From 97fb19d7d3b13255ff1e1d0fe2db4dcd3d2c62e3 Mon Sep 17 00:00:00 2001
From: Adriane Boyd <adrianeboyd@gmail.com>
Date: Mon, 11 Oct 2021 13:08:07 +0200
Subject: [PATCH] =?UTF-8?q?Move=20=C2=B0[cfkCFK].=20to=20a=20tokenizer=20e?=
 =?UTF-8?q?xception?=
MIME-Version: 1.0
Content-Type: text/plain; charset=UTF-8
Content-Transfer-Encoding: 8bit

---
 spacy/lang/punctuation.py                | 1 -
 spacy/lang/tokenizer_exceptions.py       | 7 +++++++
 spacy/tests/tokenizer/test_exceptions.py | 6 ++++++
 3 files changed, 13 insertions(+), 1 deletion(-)

diff --git a/spacy/lang/punctuation.py b/spacy/lang/punctuation.py
index e712e71d6..64165907f 100644
--- a/spacy/lang/punctuation.py
+++ b/spacy/lang/punctuation.py
@@ -21,7 +21,6 @@ TOKENIZER_SUFFIXES = (
     + ["'s", "'S", "’s", "’S", "—", "–"]
     + [
         r"(?<=[0-9])\+",
-        r"(?<=°[FfCcKk])\.",
         r"(?<=[0-9])(?:{c})".format(c=CURRENCY),
         r"(?<=[0-9])(?:{u})".format(u=UNITS),
         r"(?<=[0-9{al}{e}{p}(?:{q})])\.".format(
diff --git a/spacy/lang/tokenizer_exceptions.py b/spacy/lang/tokenizer_exceptions.py
index e41db911f..e505827b8 100644
--- a/spacy/lang/tokenizer_exceptions.py
+++ b/spacy/lang/tokenizer_exceptions.py
@@ -250,3 +250,10 @@ o.0
 
 for orth in emoticons:
     BASE_EXCEPTIONS[orth] = [{ORTH: orth}]
+
+
+# Moved from a suffix setting due to #9155 removing prefixes from consideration
+# for lookbehinds
+for u in "cfk":
+    BASE_EXCEPTIONS[f"°{u}."] = [{ORTH: f"°{u}"}, {ORTH: "."}]
+    BASE_EXCEPTIONS[f"°{u.upper()}."] = [{ORTH: f"°{u.upper()}"}, {ORTH: "."}]
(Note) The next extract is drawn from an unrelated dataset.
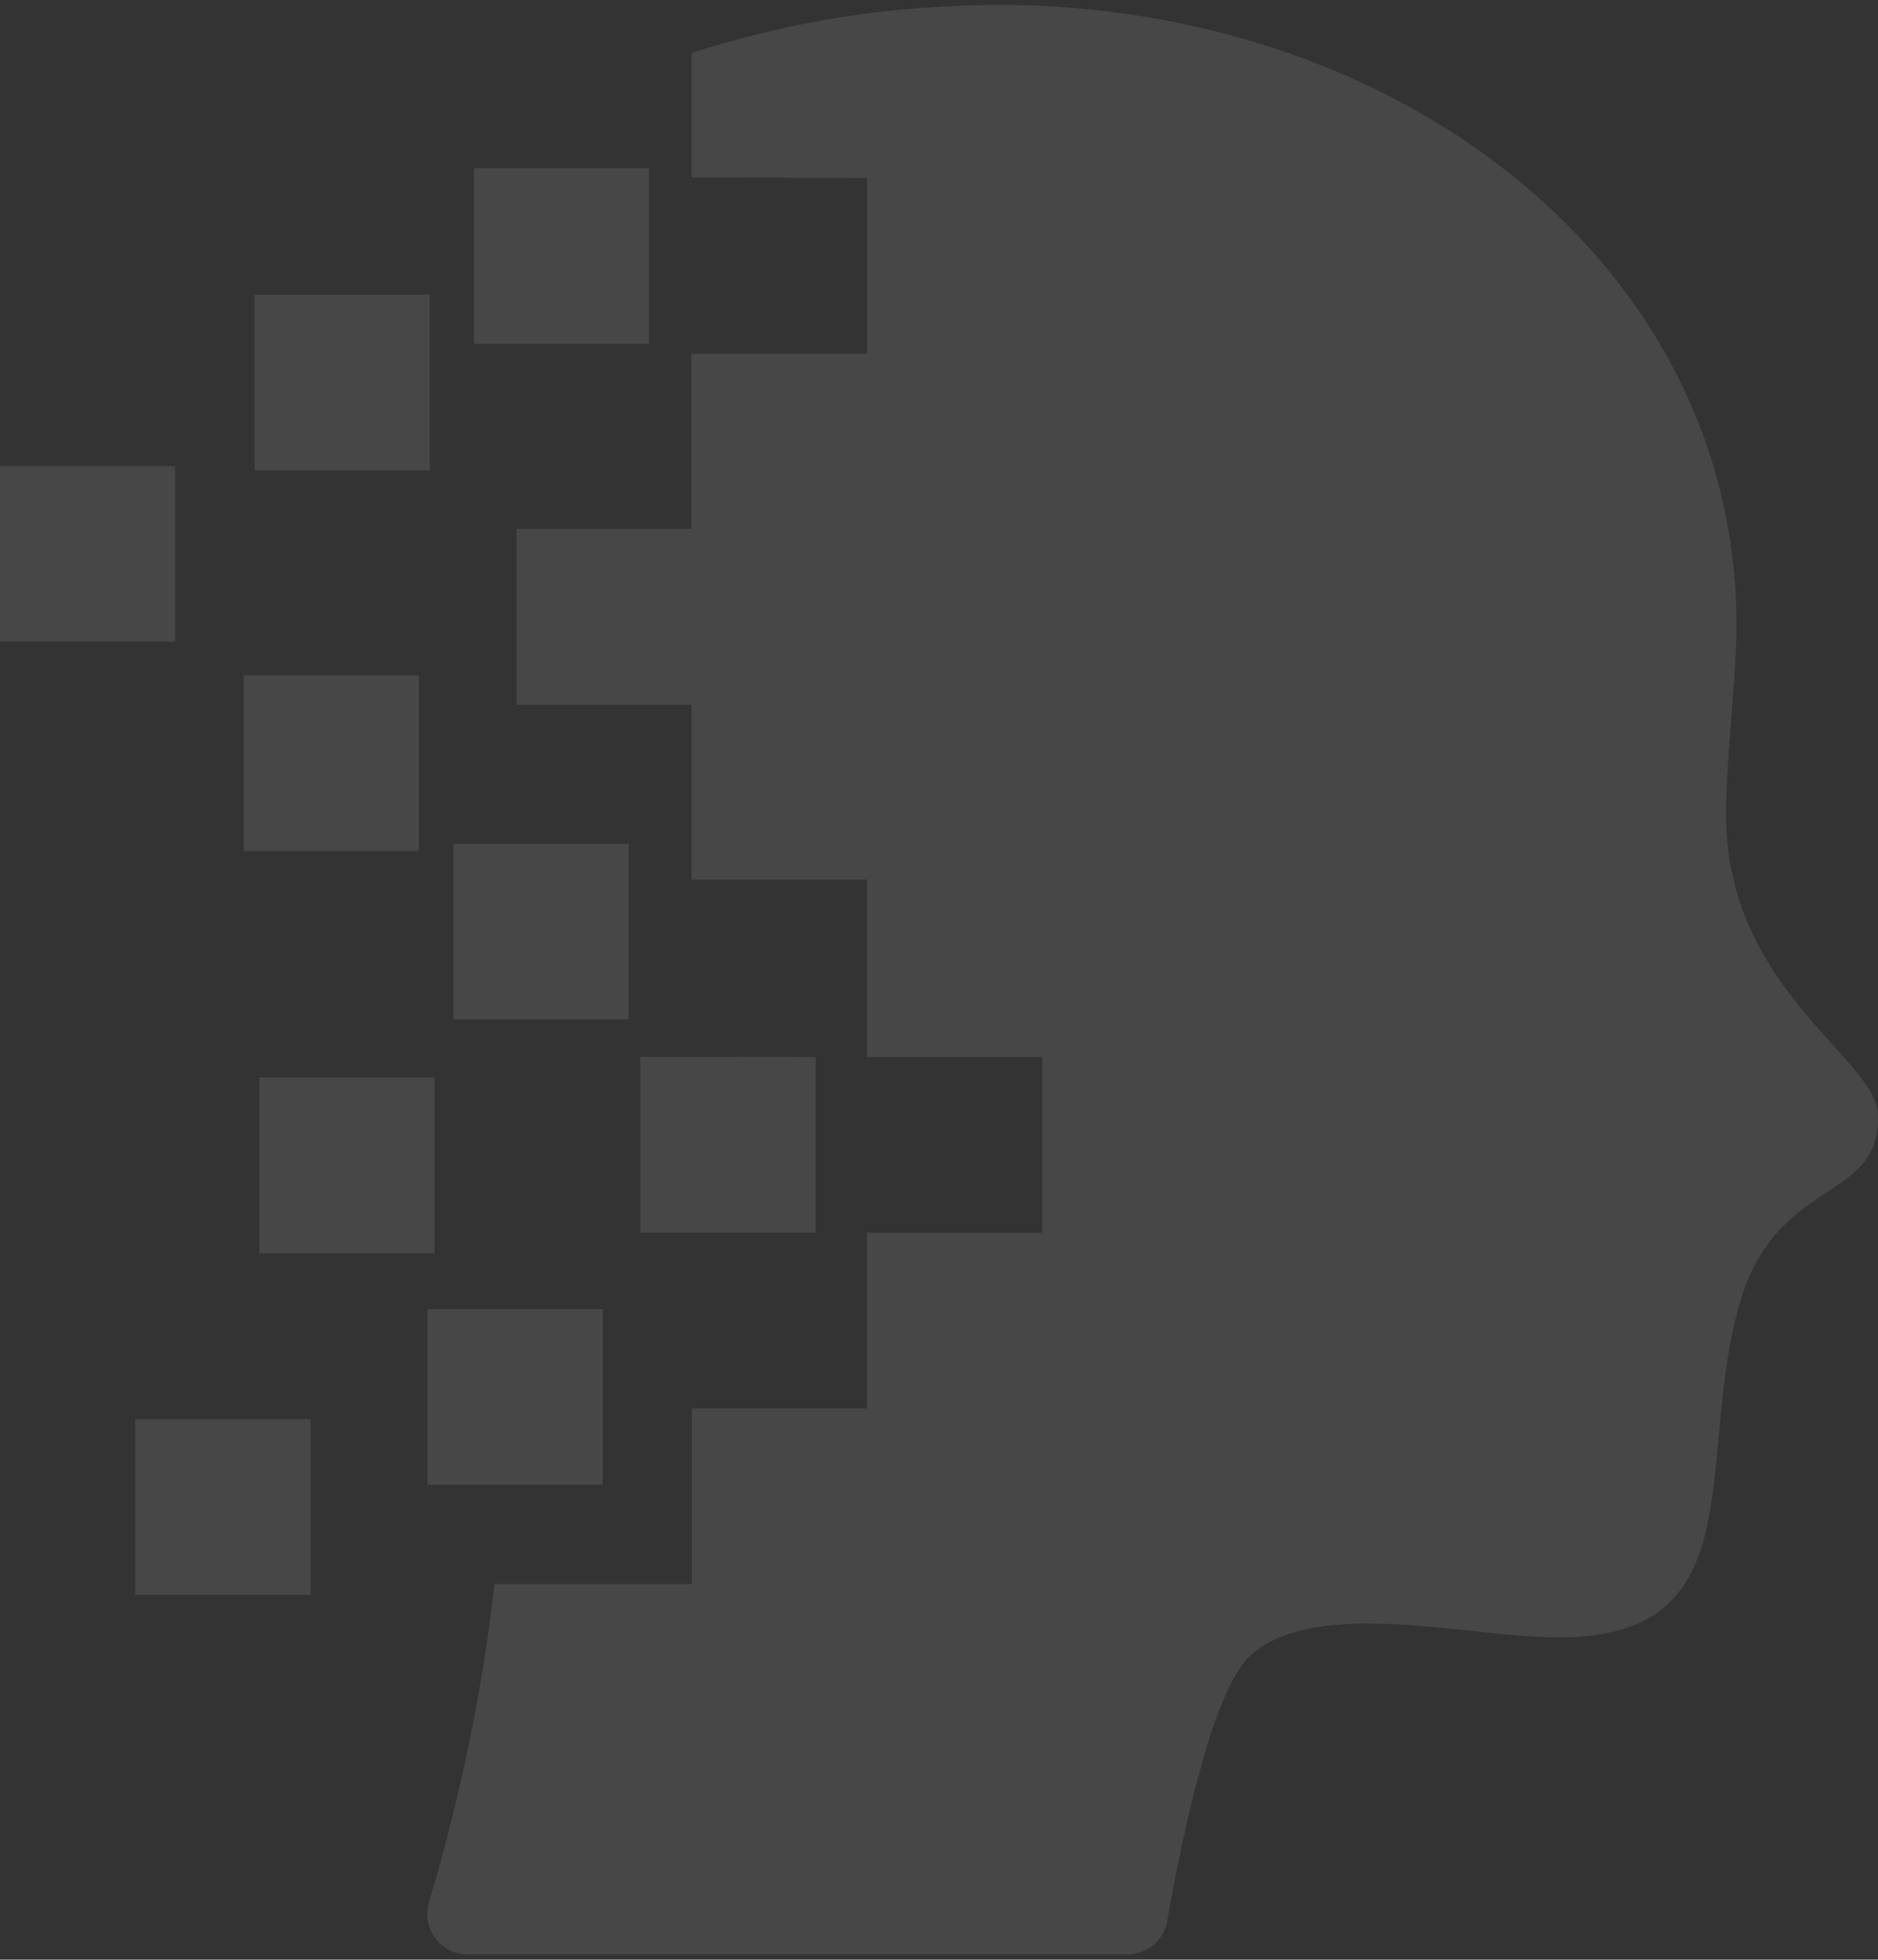 <svg width="186" height="194" viewBox="0 0 186 194" fill="none" xmlns="http://www.w3.org/2000/svg">
<rect x="0" y="0" width="186" height="194" fill="#333333" stroke="none"/>
<path d="M42.558 46.56H25.205V29.165H42.558V46.56ZM68.477 35.025H68.449V34.962H68.477V35.018H85.875V17.619L68.501 17.578V5.247C76.798 2.564 85.419 0.995 94.127 0.614C136.682 -1.591 173.125 25.805 171.953 63.593C171.798 68.581 170.929 75.927 170.946 80.725C170.987 97.775 185.702 104.775 185.985 110.202C186.45 119.111 176.008 116.328 172.329 128.932C167.653 144.931 174.36 163.176 152.603 162.049C143.923 161.697 129.819 158.323 123.777 163.958C119.922 167.549 116.818 183.227 115.608 190.165C115.266 192.087 113.601 193.49 111.656 193.49C111.652 193.49 111.649 193.49 111.649 193.49H46.334C46.327 193.49 46.327 193.49 46.324 193.49C44.106 193.49 42.31 191.689 42.31 189.466C42.31 189.09 42.365 188.713 42.468 188.35C45.562 178.069 47.758 167.473 48.979 156.809L68.515 156.816V139.431H85.864V122.036H103.214V104.64H85.864V87.09H68.494V69.774H51.148V52.354H68.477V35.025ZM63.415 122.032V104.626L80.781 104.64V122.032H63.415ZM62.263 100.928H44.91V83.532H62.263V100.928ZM41.486 84.258H24.133V66.863H41.486V84.258ZM64.277 34.036H46.924V16.641H64.277V34.036ZM59.69 146.995H42.337V129.603H59.69V146.995ZM43.037 124.079H25.684V106.683H43.037V124.079ZM30.757 157.891H13.408V140.496H30.757V157.891ZM17.353 63.531H0V46.135H17.353V63.531Z" fill="white" fill-opacity="0.1"/>
</svg>

diff --git a/spacy/tests/tokenizer/test_exceptions.py b/spacy/tests/tokenizer/test_exceptions.py
index 9a98e049e..1f5852572 100644
--- a/spacy/tests/tokenizer/test_exceptions.py
+++ b/spacy/tests/tokenizer/test_exceptions.py
@@ -45,3 +45,9 @@ def test_tokenizer_handles_emoji(tokenizer, text, length):
     if sys.maxunicode >= 1114111:
         tokens = tokenizer(text)
         assert len(tokens) == length
+
+
+def test_tokenizer_degree(tokenizer):
+    for u in "cfkCFK":
+        assert [t.text for t in tokenizer(f"°{u}.")] == [f"°{u}", "."]
+        assert [t[1] for t in tokenizer.explain(f"°{u}.")] == [f"°{u}", "."]